▸ **Your task**
With pictures removed, the data below should be returned exactly.

▸ **Exercise material**
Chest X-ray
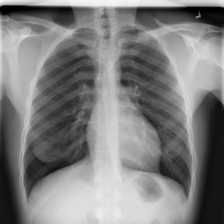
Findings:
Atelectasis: negative
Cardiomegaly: negative
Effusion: negative
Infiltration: negative
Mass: negative
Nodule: negative
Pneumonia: negative
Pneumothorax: negative
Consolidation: negative
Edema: negative
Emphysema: negative
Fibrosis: negative
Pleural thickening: negative
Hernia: negative
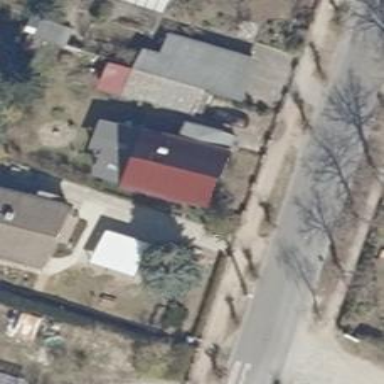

▸ **Answer section**
Chest X-ray
Findings:
Atelectasis: negative
Cardiomegaly: negative
Effusion: negative
Infiltration: negative
Mass: negative
Nodule: negative
Pneumonia: negative
Pneumothorax: negative
Consolidation: negative
Edema: negative
Emphysema: negative
Fibrosis: negative
Pleural thickening: negative
Hernia: negative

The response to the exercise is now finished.